Я так за нее испугалась, что на четвереньках поползла в ее сторону, а корзинка на красной ленте скребла по паркету и путалась в ногах. Из нее вывалились последние цветы. Сорвав с себя злополучную ленту, я подползла к Ирине и начала ее дергать за подол юбки. В это время выстрелы прекратились, все стихло. Так мы и замерли посреди зала. Она, как богиня танца, и я на четвереньках, как ее собачка.
Потом я вскочила, отряхнулась, схватила ее за руку и, пока все еще до конца не очухались, потащила к дверям. Ирина как сомнамбула следовала за мной. Я выглянула на лестницу и увидела, что там все вверх дном: скамейки перевернуты, стулья поломаны, шторы вместе с бумажными гирляндами сорваны, гардеробная разгромлена и пальто разбросаны по всему холлу. А на лестнице, перегородив нам дорогу, лежали, опрокинутые на спины, четыре человека или четыре мертвеца. Над пятым, прислоненным к колонне, хлопотал, склонившись, какой-то рыжий парень. Он обернулся к нам, и я увидела, что знаю его. Это был Матвей – приятель моего брата Сережи и старший брат нашей гимназистки Нади Колосовой со слободы. Она тоже была рыжая.
– А, и вы здесь, отчаюги! – воскликнул он. – Шагайте, ничего, они мертвые, не укусят!
Мы робко переступили через трупы, стараясь не попасть ботинками в кровавые лужицы, которые уже успели превратиться в красный студень. Подобрали свои пальто, к счастью брошенные в стороне. Человек у колонны перестал стонать и запрокинул голову, обнажив кадык. Это был мальчишка с бронепоезда, который первым пригласил меня на танец.
– Пошли скорее, я вас провожу! – крикнул нам Матвей.
Всю дорогу до дома он бежал, буквально волоча нас за собой и подпрыгивая от возбуждения. На окраине еще шла перестрелка.
– Горские прознали, что бронепоезд устраивает карнавал, и решили захватить нас врасплох. Но на железной дороге атаку отбили, отрезали путь к отступлению и погнали их в сторону клуба.
– Так это были не казаки? – изумилась я.
– Нет, я ж говорю, горцы. Ну, вот ваш переулок. Мчитесь. Мне надо обратно, я дежурный по комендатуре, – гордо сказал он и вприпрыжку, как и подобает мальчишке, понесся обратно.
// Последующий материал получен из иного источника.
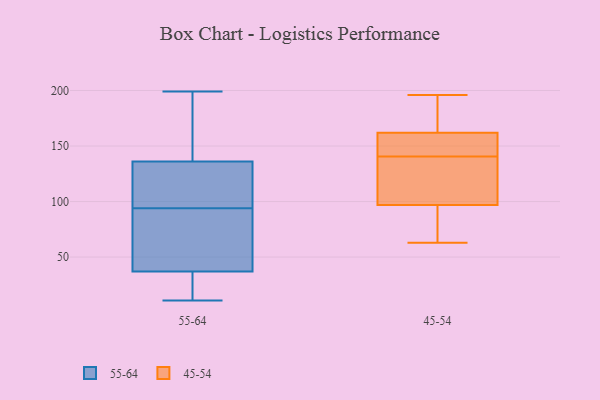
{"axis": {"x": "Churn Rate (%)", "y": "Value"}, "legend": ["45-54", "55-64"], "data": [{"x": "", "y": 180, "type": "55-64"}, {"x": "", "y": 102, "type": "55-64"}, {"x": "", "y": 199, "type": "55-64"}, {"x": "", "y": 27, "type": "55-64"}, {"x": "", "y": 86, "type": "55-64"}, {"x": "", "y": 76, "type": "55-64"}, {"x": "", "y": 53, "type": "55-64"}, {"x": "", "y": 196, "type": "55-64"}, {"x": "", "y": 107, "type": "55-64"}, {"x": "", "y": 136, "type": "55-64"}, {"x": "", "y": 132, "type": "55-64"}, {"x": "", "y": 37, "type": "55-64"}, {"x": "", "y": 11, "type": "55-64"}, {"x": "", "y": 21, "type": "55-64"}, {"x": "", "y": 170, "type": "45-54"}, {"x": "", "y": 68, "type": "45-54"}, {"x": "", "y": 132, "type": "45-54"}, {"x": "", "y": 97, "type": "45-54"}, {"x": "", "y": 154, "type": "45-54"}, {"x": "", "y": 63, "type": "45-54"}, {"x": "", "y": 196, "type": "45-54"}, {"x": "", "y": 162, "type": "45-54"}, {"x": "", "y": 180, "type": "45-54"}, {"x": "", "y": 75, "type": "45-54"}, {"x": "", "y": 116, "type": "45-54"}, {"x": "", "y": 132, "type": "45-54"}, {"x": "", "y": 152, "type": "45-54"}, {"x": "", "y": 149, "type": "45-54"}]}

Когда мы добежали до дома, я увидела в щель свет в подвале у нашего жильца, одноногого фотографа. Его дверь выходила на улицу. Он долго не открывал – не слышал, потому что я боялась стучать громко, чтобы не разбудить маму. Потом впустил нас, отругал, но, видя наш растерзанный карнавальный вид, смягчился и долго фыркал: «Феи под обстрелом». Я проскользнула во двор, принесла из тайника узел с одеждой, мы с Ириной переоделись.
– Ты почему не пряталась? – спросила я ее.
– Испугалась, – растерянно пожала она плечами, – меня как льдом сковало.
Я чмокнула ее в щеку, крепко обняла и выпустила на улицу – она жила совсем рядом, через два дома, – а сама спрятала узел с карнавальными костюмами в тайник и юркнула к себе. Утром мама страшно ругалась, думая, что я осталась вечером у Иры, и посадила меня в очередной раз под домашний арест. Потом выяснилось, что мое пальто прострелено в двух местах.
Пятьдесят горцев расплатились за это новогоднее развлечение жизнью. Говорили, что нападение устроили недовольные новой властью вайнахи, которые на съезде выступали за независимую горскую республику.
Все гимназии и реальные училища закрыли из-за опасной обстановки еще в прошлом году, но для молодежи это было только хуже. Мы слонялись без дела по городу и постепенно втягивались в междоусобицу. Мой брат Сергей, так и не закончив последнего класса гимназии, подался в поисках романтики в местную ЧК. Ему еще шестнадцати не было.
Многие от бескормицы промышляли мелким мародерством. Очень бедствовали и Ирина с мамой. Пока Порфирий был в городе, он их поддерживал и подкармливал. Но еще в прошлом году он исчез окончательно, прихватив с собой все золотые червонцы нашей мамы, отложенные на черный день. Во время одного из своих набегов домой прилег отдохнуть, а мать прикрыла его своей выходной стеганой полькой из черного атласа, в которую она зашила золотые монеты. Он их нащупал, срезал и сбежал. С тех пор мы его не видели. Знакомые передали, что он все-таки сел на пароход в Америку.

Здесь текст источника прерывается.